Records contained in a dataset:

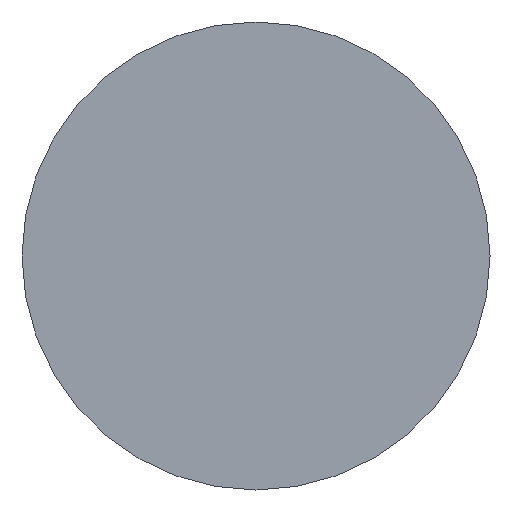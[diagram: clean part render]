
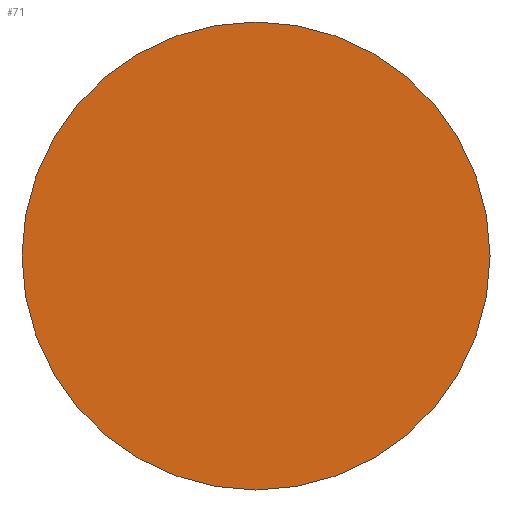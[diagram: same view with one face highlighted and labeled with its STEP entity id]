
A CAD part, front view. The second image highlights one B-rep face of the part: STEP entity #71.
In plain terms, the highlighted planar face has unit normal (0, -1, 0).
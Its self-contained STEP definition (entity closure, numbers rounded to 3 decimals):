
#16=PLANE('',#94);
#23=FACE_OUTER_BOUND('',#28,.T.);
#28=EDGE_LOOP('',(#64));
#40=CIRCLE('',#93,56.483);
#45=VERTEX_POINT('',#132);
#52=EDGE_CURVE('',#45,#45,#40,.T.);
#64=ORIENTED_EDGE('',*,*,#52,.T.);
#71=ADVANCED_FACE('',(#23),#16,.T.);
#93=AXIS2_PLACEMENT_3D('',#134,#113,#114);
#94=AXIS2_PLACEMENT_3D('',#135,#115,#116);
#113=DIRECTION('center_axis',(0.,-1.,0.));
#114=DIRECTION('ref_axis',(1.,0.,0.));
#115=DIRECTION('center_axis',(0.,-1.,0.));
#116=DIRECTION('ref_axis',(-1.,0.,0.));
#132=CARTESIAN_POINT('',(-56.483,0.,0.));
#134=CARTESIAN_POINT('Origin',(0.,0.,0.));
#135=CARTESIAN_POINT('Origin',(0.,0.,0.));
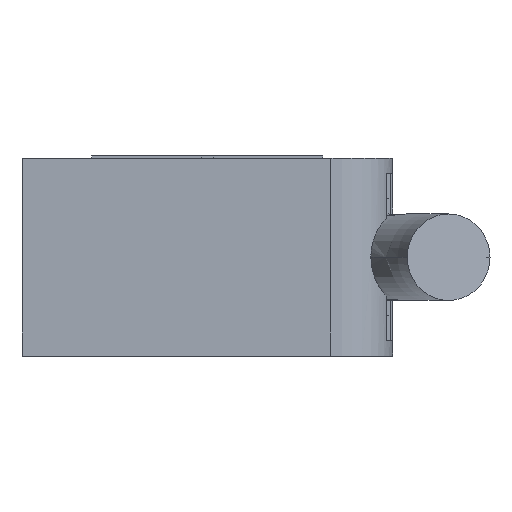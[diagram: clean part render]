
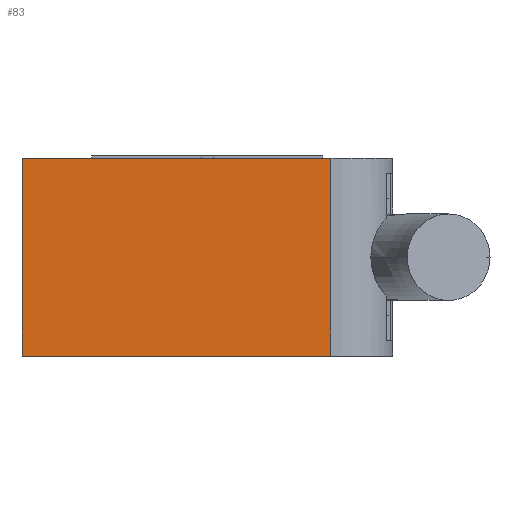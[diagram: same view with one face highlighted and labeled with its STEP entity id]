
A CAD part, front view. The second image highlights one B-rep face of the part: STEP entity #83.
In plain terms, the highlighted planar face has unit normal (0, -1, 0).
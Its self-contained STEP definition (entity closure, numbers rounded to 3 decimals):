
#83=ADVANCED_FACE('',(#371),#372,.T.);
#371=FACE_OUTER_BOUND('',#868,.T.);
#372=PLANE('',#869);
#868=EDGE_LOOP('',(#1757,#1758,#1759,#1760));
#869=AXIS2_PLACEMENT_3D('',#1761,#1762,#1763);
#1757=ORIENTED_EDGE('',*,*,#3383,.T.);
#1758=ORIENTED_EDGE('',*,*,#3377,.F.);
#1759=ORIENTED_EDGE('',*,*,#3347,.F.);
#1760=ORIENTED_EDGE('',*,*,#3300,.F.);
#1761=CARTESIAN_POINT('',(10.0,-50.,0.0));
#1762=DIRECTION('',(0.0,-1.0,0.0));
#1763=DIRECTION('',(0.0,0.0,-1.0));
#3300=EDGE_CURVE('',#3894,#3896,#3897,.T.);
#3347=EDGE_CURVE('',#3896,#3985,#3986,.T.);
#3377=EDGE_CURVE('',#3985,#4032,#4033,.T.);
#3383=EDGE_CURVE('',#3894,#4032,#4043,.T.);
#3894=VERTEX_POINT('',#4883);
#3896=VERTEX_POINT('',#4886);
#3897=LINE('',#4887,#4888);
#3985=VERTEX_POINT('',#5015);
#3986=LINE('',#5016,#5017);
#4032=VERTEX_POINT('',#5123);
#4033=LINE('',#5124,#5125);
#4043=LINE('',#5136,#5137);
#4883=CARTESIAN_POINT('',(-15.0,-50.,16.0));
#4886=CARTESIAN_POINT('',(10.0,-50.,16.0));
#4887=CARTESIAN_POINT('',(-15.0,-50.,16.0));
#4888=VECTOR('',#6972,25.0);
#5015=CARTESIAN_POINT('',(10.0,-50.,0.0));
#5016=CARTESIAN_POINT('',(10.0,-50.,16.0));
#5017=VECTOR('',#7044,16.0);
#5123=CARTESIAN_POINT('',(-15.0,-50.,0.0));
#5124=CARTESIAN_POINT('',(10.0,-50.,0.0));
#5125=VECTOR('',#7077,25.0);
#5136=CARTESIAN_POINT('',(-15.0,-50.,16.0));
#5137=VECTOR('',#7091,16.0);
#6972=DIRECTION('',(1.0,0.0,0.0));
#7044=DIRECTION('',(0.,0.0,-1.0));
#7077=DIRECTION('',(-1.0,0.0,0.0));
#7091=DIRECTION('',(0.0,0.0,-1.0));
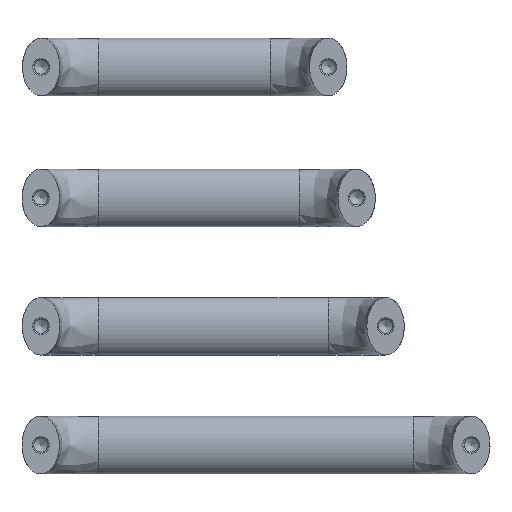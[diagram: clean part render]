
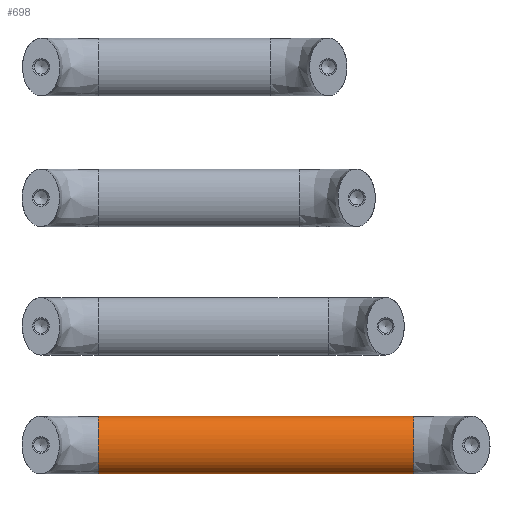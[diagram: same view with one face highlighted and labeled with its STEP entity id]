
A CAD part, front view. The second image highlights one B-rep face of the part: STEP entity #698.
In plain terms, the highlighted free-form (B-spline) face has degree [2, 1] with [9, 2] control points.
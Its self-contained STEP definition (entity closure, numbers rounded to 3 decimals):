
#53=LINE('',#1476,#65);
#65=VECTOR('',#990,110.);
#82=(
BOUNDED_SURFACE()
B_SPLINE_SURFACE(2,1,((#1457,#1458),(#1459,#1460),(#1461,#1462),(#1463,
#1464),(#1465,#1466),(#1467,#1468),(#1469,#1470),(#1471,#1472),(#1473,#1474)),
 .UNSPECIFIED.,.T.,.F.,.F.)
B_SPLINE_SURFACE_WITH_KNOTS((3,2,2,2,3),(2,2),(-3.142,-1.571,
0.,1.571,3.142),(0.,13.2),.UNSPECIFIED.)
GEOMETRIC_REPRESENTATION_ITEM()
RATIONAL_B_SPLINE_SURFACE(((1.,1.),(0.707,0.707),
(1.,1.),(0.707,0.707),(1.,1.),(0.707,
0.707),(1.,1.),(0.707,0.707),(1.,1.)))
REPRESENTATION_ITEM('')
SURFACE()
);
#114=ELLIPSE('',#791,10.,6.5);
#115=ELLIPSE('',#792,10.,6.5);
#116=ELLIPSE('',#794,10.,6.5);
#117=ELLIPSE('',#795,10.,6.5);
#206=FACE_OUTER_BOUND('',#276,.T.);
#276=EDGE_LOOP('',(#587,#588,#589,#590,#591,#592));
#372=VERTEX_POINT('',#1452);
#373=VERTEX_POINT('',#1453);
#374=VERTEX_POINT('',#1475);
#375=VERTEX_POINT('',#1477);
#447=EDGE_CURVE('',#372,#373,#114,.T.);
#448=EDGE_CURVE('',#373,#372,#115,.T.);
#450=EDGE_CURVE('',#373,#374,#53,.T.);
#451=EDGE_CURVE('',#374,#375,#116,.T.);
#452=EDGE_CURVE('',#375,#374,#117,.T.);
#587=ORIENTED_EDGE('',*,*,#447,.F.);
#588=ORIENTED_EDGE('',*,*,#448,.F.);
#589=ORIENTED_EDGE('',*,*,#450,.T.);
#590=ORIENTED_EDGE('',*,*,#451,.T.);
#591=ORIENTED_EDGE('',*,*,#452,.T.);
#592=ORIENTED_EDGE('',*,*,#450,.F.);
#698=ADVANCED_FACE('',(#206),#82,.T.);
#791=AXIS2_PLACEMENT_3D('',#1454,#984,#985);
#792=AXIS2_PLACEMENT_3D('',#1455,#986,#987);
#794=AXIS2_PLACEMENT_3D('',#1478,#991,#992);
#795=AXIS2_PLACEMENT_3D('',#1479,#993,#994);
#984=DIRECTION('center_axis',(1.,0.,0.));
#985=DIRECTION('ref_axis',(0.,0.,-1.));
#986=DIRECTION('center_axis',(1.,0.,0.));
#987=DIRECTION('ref_axis',(0.,0.,-1.));
#990=DIRECTION('',(-1.,0.,0.));
#991=DIRECTION('center_axis',(1.,0.,0.));
#992=DIRECTION('ref_axis',(0.,0.,-1.));
#993=DIRECTION('center_axis',(1.,0.,0.));
#994=DIRECTION('ref_axis',(0.,0.,-1.));
#1452=CARTESIAN_POINT('',(130.,44.,-10.));
#1453=CARTESIAN_POINT('',(130.,44.,10.));
#1454=CARTESIAN_POINT('Origin',(130.,44.,0.));
#1455=CARTESIAN_POINT('Origin',(130.,44.,0.));
#1457=CARTESIAN_POINT('Ctrl Pts',(20.,44.,10.));
#1458=CARTESIAN_POINT('Ctrl Pts',(152.,44.,10.));
#1459=CARTESIAN_POINT('Ctrl Pts',(20.,37.5,10.));
#1460=CARTESIAN_POINT('Ctrl Pts',(152.,37.5,10.));
#1461=CARTESIAN_POINT('Ctrl Pts',(20.,37.5,0.));
#1462=CARTESIAN_POINT('Ctrl Pts',(152.,37.5,0.));
#1463=CARTESIAN_POINT('Ctrl Pts',(20.,37.5,-10.));
#1464=CARTESIAN_POINT('Ctrl Pts',(152.,37.5,-10.));
#1465=CARTESIAN_POINT('Ctrl Pts',(20.,44.,-10.));
#1466=CARTESIAN_POINT('Ctrl Pts',(152.,44.,-10.));
#1467=CARTESIAN_POINT('Ctrl Pts',(20.,50.5,-10.));
#1468=CARTESIAN_POINT('Ctrl Pts',(152.,50.5,-10.));
#1469=CARTESIAN_POINT('Ctrl Pts',(20.,50.5,0.));
#1470=CARTESIAN_POINT('Ctrl Pts',(152.,50.5,0.));
#1471=CARTESIAN_POINT('Ctrl Pts',(20.,50.5,10.));
#1472=CARTESIAN_POINT('Ctrl Pts',(152.,50.5,10.));
#1473=CARTESIAN_POINT('Ctrl Pts',(20.,44.,10.));
#1474=CARTESIAN_POINT('Ctrl Pts',(152.,44.,10.));
#1475=CARTESIAN_POINT('',(20.,44.,10.));
#1476=CARTESIAN_POINT('',(20.,44.,10.));
#1477=CARTESIAN_POINT('',(20.,44.,-10.));
#1478=CARTESIAN_POINT('Origin',(20.,44.,0.));
#1479=CARTESIAN_POINT('Origin',(20.,44.,0.));

▶ **Task instructions**
For every line above that holds the word "front", report the whole line.

▶ **Task answer**
A CAD part, front view. The second image highlights one B-rep face of the part: STEP entity #71.
A CAD part, front view. The second image highlights one B-rep face of the part: STEP entity #83.
A CAD part, front view. The second image highlights one B-rep face of the part: STEP entity #698.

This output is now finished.